SuperTAD only supports dense matrix as input Hi-C matrix for now. We upload two examples of Hi-C matrix from Rao et al., Cell 2014 as well as the results into ./data.

The binary mode's result before filtering is stored in *.binary.original.tsv; The binary mode's result after filtering or the filter mode's result is stored in *.binary.filter.tsv; The multi mode's result is stored in *.multi.tsv; All of the TAD results use the eight-column format, which records the bin indexes of detected boundaries and the genomic start and end coordinates.

An example output is shown below (resolution=1kb):

chr1	1	0       1000	chr1	44	43000	44000
chr1	9	8000	9000	chr1	16	15000	16000
chr1	17	16000	17000	chr1	44	43000	44000
...

Each column is represented as: 1st-the chromosome of left boundary 2nd-the bin index that identified as the left boundary (start bin) 3rd-the start coordinate of start bin, in bp 4th-the end coordinate of start bin, in bp 5th-the chromosome of right boundary 6th-the bin index that identified as the right boundary (end bin) 7th-the start coordinate of end bin, in bp 8th-the end coordinate of end bin, in bp

Examples

./build/SuperTAD binary ./data/example_sub_GM12878_chr19_KR25kb_matrix.txt --chrom1 chr19 -r 25000 --chrom1-start 30000000

This command will run binary mode (SuperTAD) on the chr19 of GM12878 at 25kb resolution and save all TADs to the example_sub_GM12878_chr19_KR25kb_matrix.txt.binary.original.tsv.
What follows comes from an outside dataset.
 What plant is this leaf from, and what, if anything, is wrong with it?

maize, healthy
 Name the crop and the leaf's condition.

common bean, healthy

As --no-filter is not given, the nodes filtering runs by default and save the selected TADs to the example_sub_GM12878_chr19_KR25kb_matrix.txt.binary.filter.tsv.
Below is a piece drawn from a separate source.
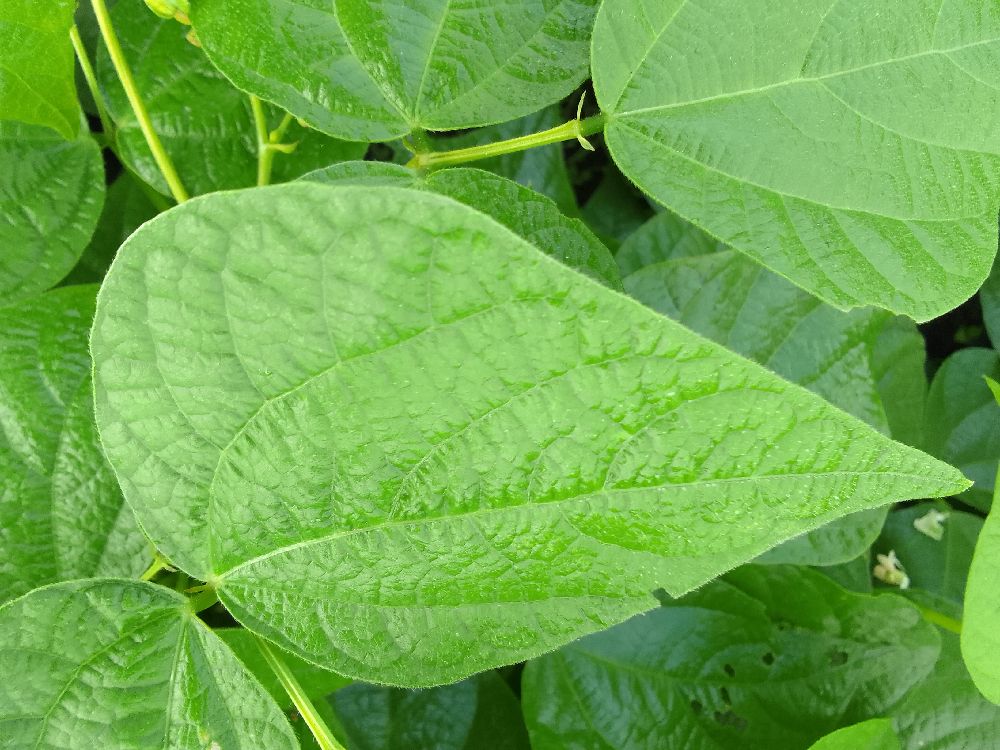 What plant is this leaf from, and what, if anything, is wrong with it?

common bean, healthy
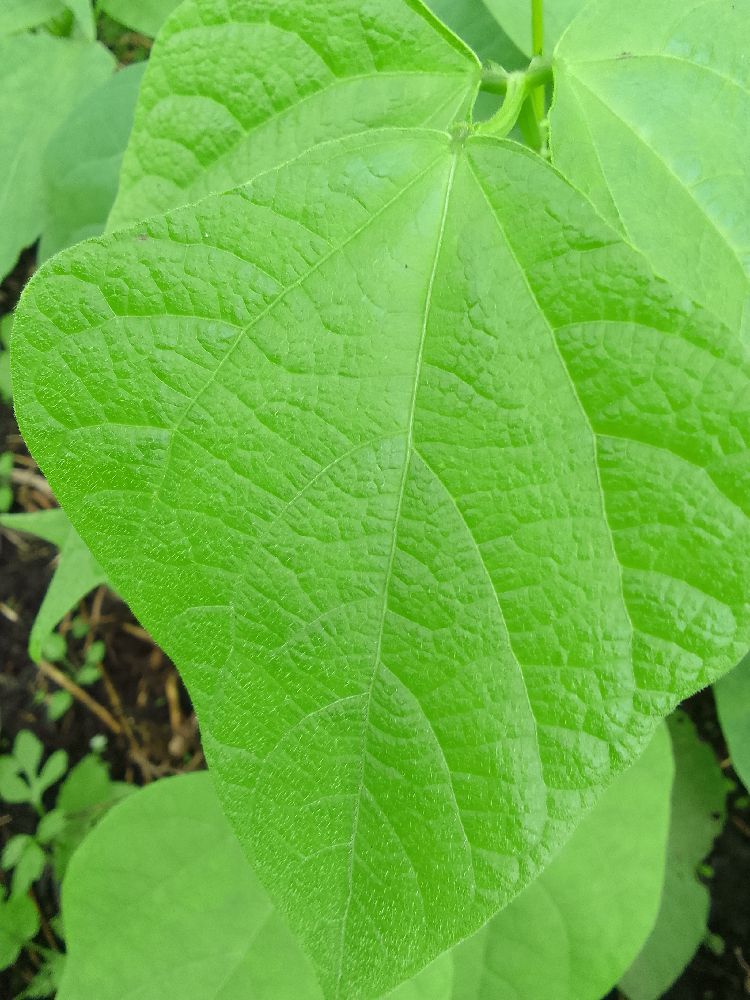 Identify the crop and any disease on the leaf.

common bean, healthy

./build/SuperTAD multi ./data/example_sub_GM12878_chr19_KR25kb_matrix.txt -h 2 --chrom1 chr19 -r 25000 --chrom1-start 30000000

This command will run multinary mode (SuperTAD(h)) on the chr19 of GM12878 at 25kb resolution and save all TADs to the example_sub_GM12878_chr19_KR25kb_matrix.txt.multi.tsv

./build/SuperTAD filter ./data/example_sub_GM12878_chr19_KR25kb_matrix.txt -i ./data/example_sub_GM12878_chr19_KR25kb_matrix.txt.binary.original.tsv

This command will independently run the nodes filtering for the TADs in -i indicated result and save the selected TADs to *.binary.filter.tsv.

./build/SuperTAD compare ./data/example_sub_GM12878_chr19_KR25kb_matrix.txt.multi.tsv ./data/example_sub_IMR90_chr19_KR25kb_matrix.txt.multi.tsv

This command will compute the overlapping ratio between two results.